ECTS Credit Calculation
📚 Student Workload
This 6 ECTS credit course corresponds to 150 hours of total student workload, distributed as follows:
Lecture Hours
45 hours ⏳ (15 week × 3 h)
Active tutorials
26 hours ⏳ (13 week × 2 h)
Home study
52 hours ⏳ (13 week × 4 h)
In-term Exam Study
10 hours ⏳ (2 week × 5 h)
Midterm Exam Study
5 hours ⏳ (1 week × 5 h)
Final Exam Study
12 hours ⏳ (1 week × 12 h)
150 Total Workload Hours
6 ECTS Credits
Course Policies
Academic Integrity
All work submitted must be your own. Plagiarism, cheating, or any form of academic dishonesty will result in disciplinary action according to university policies. When in doubt about citation practices, consult the instructor.
Attendance Policy
Students are expected to adhere to the attendance requirements as outlined in the International University of Sarajevo Study Rules and Regulations. Excessive absences, whether excused or unexcused, may impact academic performance and eligibility for assessment. Mandatory sessions (e.g., labs, workshops) require attendance unless formally exempted. For detailed policies on absences, documentation, and penalties, please refer to the official university regulations.
Technology & AI Policy
Laptops/tablets may be used for note-taking only during lectures. Phones should be silenced and put away during all class sessions. Audio/video recording requires prior permission from the instructor.
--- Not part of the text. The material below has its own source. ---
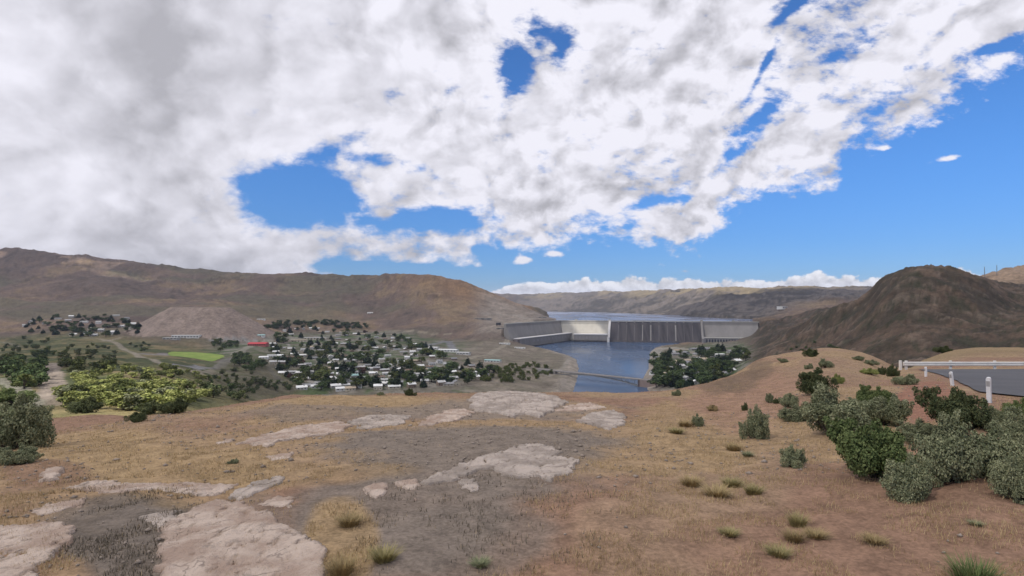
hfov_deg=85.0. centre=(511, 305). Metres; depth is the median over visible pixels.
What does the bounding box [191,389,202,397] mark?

Artificial Intelligence (AI) Usage: The use of AI tools (e.g., ChatGPT, Copilot, Gemini) varies by assessment component. Please refer to the AI usage indicator next to each assessment item in the Assessment Methods and Criteria section above. Submitting AI-generated content as your own work, where AI is not explicitly allowed, constitutes an academic integrity violation.
Communication Policy
All course-related communication should occur through official university channels (institutional email or SIS). Emails should include [MATH201] in the subject line.
Academic Quality Assurance Policy
Course Academic Quality Assurance is achieved through Semester Student Survey. At the end of each academic year, the institution of higher education is obliged to evaluate work of the academic staff, or the success of realization of the curricula.
Learning Tips
Be prepared to contribute thoughtfully during class discussions, labs, or collaborative work. Active participation deepens understanding and encourages critical thinking.
Complete assigned readings or prep materials before class. Take notes, highlight key ideas, and jot down questions. Aim to grasp core concepts and their applications—not just facts.
Use course frameworks or methodologies to analyze problems, case studies, or projects. Begin early to allow time for reflection and refinement. Seek feedback to improve your work.
Don’t hesitate to reach out when something is unclear. Use office hours, discussion boards, or peer networks to clarify concepts and stay on track.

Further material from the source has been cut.